#### TRY IT:
What this exercise requires is a verbatim reproduction of the data below.

[Data records]

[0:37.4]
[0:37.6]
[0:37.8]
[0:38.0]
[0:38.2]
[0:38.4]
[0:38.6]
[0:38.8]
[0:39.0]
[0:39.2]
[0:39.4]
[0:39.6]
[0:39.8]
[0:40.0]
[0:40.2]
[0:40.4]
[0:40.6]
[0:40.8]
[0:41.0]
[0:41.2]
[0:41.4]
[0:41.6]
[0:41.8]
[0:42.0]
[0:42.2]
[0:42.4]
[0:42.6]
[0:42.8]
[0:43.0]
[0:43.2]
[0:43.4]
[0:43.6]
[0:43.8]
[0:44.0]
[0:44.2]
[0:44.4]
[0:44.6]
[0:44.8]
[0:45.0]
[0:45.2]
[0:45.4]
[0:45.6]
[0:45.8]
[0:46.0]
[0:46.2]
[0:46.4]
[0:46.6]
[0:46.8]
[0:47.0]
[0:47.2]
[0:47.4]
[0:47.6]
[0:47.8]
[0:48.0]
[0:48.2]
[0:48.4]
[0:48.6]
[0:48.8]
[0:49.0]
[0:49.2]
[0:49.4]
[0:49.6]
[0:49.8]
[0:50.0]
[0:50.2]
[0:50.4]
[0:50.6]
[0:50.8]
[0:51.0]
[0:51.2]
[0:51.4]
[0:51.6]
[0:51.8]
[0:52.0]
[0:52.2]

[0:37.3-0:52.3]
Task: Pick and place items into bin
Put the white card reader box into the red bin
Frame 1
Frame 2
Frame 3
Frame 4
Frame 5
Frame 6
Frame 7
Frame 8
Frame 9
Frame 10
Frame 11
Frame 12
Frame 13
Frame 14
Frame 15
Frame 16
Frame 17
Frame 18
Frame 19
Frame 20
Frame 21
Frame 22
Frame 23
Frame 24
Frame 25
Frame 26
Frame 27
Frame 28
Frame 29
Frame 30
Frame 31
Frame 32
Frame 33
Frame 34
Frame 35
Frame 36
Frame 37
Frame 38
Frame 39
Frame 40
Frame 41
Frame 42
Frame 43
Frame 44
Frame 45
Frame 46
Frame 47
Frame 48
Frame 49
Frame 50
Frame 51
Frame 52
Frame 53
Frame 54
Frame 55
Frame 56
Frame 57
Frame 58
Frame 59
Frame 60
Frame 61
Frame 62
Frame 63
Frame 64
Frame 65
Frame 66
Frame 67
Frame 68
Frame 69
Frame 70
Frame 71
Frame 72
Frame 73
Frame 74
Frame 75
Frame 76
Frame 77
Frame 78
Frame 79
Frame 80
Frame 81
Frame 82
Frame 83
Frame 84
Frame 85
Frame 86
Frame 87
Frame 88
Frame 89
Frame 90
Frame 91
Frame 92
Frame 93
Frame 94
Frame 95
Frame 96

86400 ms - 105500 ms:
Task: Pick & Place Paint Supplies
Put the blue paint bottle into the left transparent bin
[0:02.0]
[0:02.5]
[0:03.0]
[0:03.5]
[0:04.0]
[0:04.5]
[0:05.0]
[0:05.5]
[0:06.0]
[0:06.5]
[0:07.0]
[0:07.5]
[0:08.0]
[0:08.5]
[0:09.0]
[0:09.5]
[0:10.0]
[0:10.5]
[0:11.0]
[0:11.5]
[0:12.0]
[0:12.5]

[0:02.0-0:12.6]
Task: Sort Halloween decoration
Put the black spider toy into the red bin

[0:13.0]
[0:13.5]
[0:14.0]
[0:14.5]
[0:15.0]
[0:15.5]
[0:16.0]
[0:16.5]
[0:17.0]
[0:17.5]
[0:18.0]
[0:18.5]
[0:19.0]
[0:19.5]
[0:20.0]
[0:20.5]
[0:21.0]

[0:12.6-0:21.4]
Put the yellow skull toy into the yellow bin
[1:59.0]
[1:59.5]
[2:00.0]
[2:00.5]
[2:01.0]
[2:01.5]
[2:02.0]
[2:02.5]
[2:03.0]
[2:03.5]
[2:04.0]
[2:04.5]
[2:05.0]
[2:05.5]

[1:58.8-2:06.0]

#### OUTPUT FOR THIS EXERCISE:
[0:37.4]
[0:37.6]
[0:37.8]
[0:38.0]
[0:38.2]
[0:38.4]
[0:38.6]
[0:38.8]
[0:39.0]
[0:39.2]
[0:39.4]
[0:39.6]
[0:39.8]
[0:40.0]
[0:40.2]
[0:40.4]
[0:40.6]
[0:40.8]
[0:41.0]
[0:41.2]
[0:41.4]
[0:41.6]
[0:41.8]
[0:42.0]
[0:42.2]
[0:42.4]
[0:42.6]
[0:42.8]
[0:43.0]
[0:43.2]
[0:43.4]
[0:43.6]
[0:43.8]
[0:44.0]
[0:44.2]
[0:44.4]
[0:44.6]
[0:44.8]
[0:45.0]
[0:45.2]
[0:45.4]
[0:45.6]
[0:45.8]
[0:46.0]
[0:46.2]
[0:46.4]
[0:46.6]
[0:46.8]
[0:47.0]
[0:47.2]
[0:47.4]
[0:47.6]
[0:47.8]
[0:48.0]
[0:48.2]
[0:48.4]
[0:48.6]
[0:48.8]
[0:49.0]
[0:49.2]
[0:49.4]
[0:49.6]
[0:49.8]
[0:50.0]
[0:50.2]
[0:50.4]
[0:50.6]
[0:50.8]
[0:51.0]
[0:51.2]
[0:51.4]
[0:51.6]
[0:51.8]
[0:52.0]
[0:52.2]

[0:37.3-0:52.3]
Task: Pick and place items into bin
Put the white card reader box into the red bin
Frame 1
Frame 2
Frame 3
Frame 4
Frame 5
Frame 6
Frame 7
Frame 8
Frame 9
Frame 10
Frame 11
Frame 12
Frame 13
Frame 14
Frame 15
Frame 16
Frame 17
Frame 18
Frame 19
Frame 20
Frame 21
Frame 22
Frame 23
Frame 24
Frame 25
Frame 26
Frame 27
Frame 28
Frame 29
Frame 30
Frame 31
Frame 32
Frame 33
Frame 34
Frame 35
Frame 36
Frame 37
Frame 38
Frame 39
Frame 40
Frame 41
Frame 42
Frame 43
Frame 44
Frame 45
Frame 46
Frame 47
Frame 48
Frame 49
Frame 50
Frame 51
Frame 52
Frame 53
Frame 54
Frame 55
Frame 56
Frame 57
Frame 58
Frame 59
Frame 60
Frame 61
Frame 62
Frame 63
Frame 64
Frame 65
Frame 66
Frame 67
Frame 68
Frame 69
Frame 70
Frame 71
Frame 72
Frame 73
Frame 74
Frame 75
Frame 76
Frame 77
Frame 78
Frame 79
Frame 80
Frame 81
Frame 82
Frame 83
Frame 84
Frame 85
Frame 86
Frame 87
Frame 88
Frame 89
Frame 90
Frame 91
Frame 92
Frame 93
Frame 94
Frame 95
Frame 96

86400 ms - 105500 ms:
Task: Pick & Place Paint Supplies
Put the blue paint bottle into the left transparent bin
[0:02.0]
[0:02.5]
[0:03.0]
[0:03.5]
[0:04.0]
[0:04.5]
[0:05.0]
[0:05.5]
[0:06.0]
[0:06.5]
[0:07.0]
[0:07.5]
[0:08.0]
[0:08.5]
[0:09.0]
[0:09.5]
[0:10.0]
[0:10.5]
[0:11.0]
[0:11.5]
[0:12.0]
[0:12.5]

[0:02.0-0:12.6]
Task: Sort Halloween decoration
Put the black spider toy into the red bin

[0:13.0]
[0:13.5]
[0:14.0]
[0:14.5]
[0:15.0]
[0:15.5]
[0:16.0]
[0:16.5]
[0:17.0]
[0:17.5]
[0:18.0]
[0:18.5]
[0:19.0]
[0:19.5]
[0:20.0]
[0:20.5]
[0:21.0]

[0:12.6-0:21.4]
Put the yellow skull toy into the yellow bin
[1:59.0]
[1:59.5]
[2:00.0]
[2:00.5]
[2:01.0]
[2:01.5]
[2:02.0]
[2:02.5]
[2:03.0]
[2:03.5]
[2:04.0]
[2:04.5]
[2:05.0]
[2:05.5]

[1:58.8-2:06.0]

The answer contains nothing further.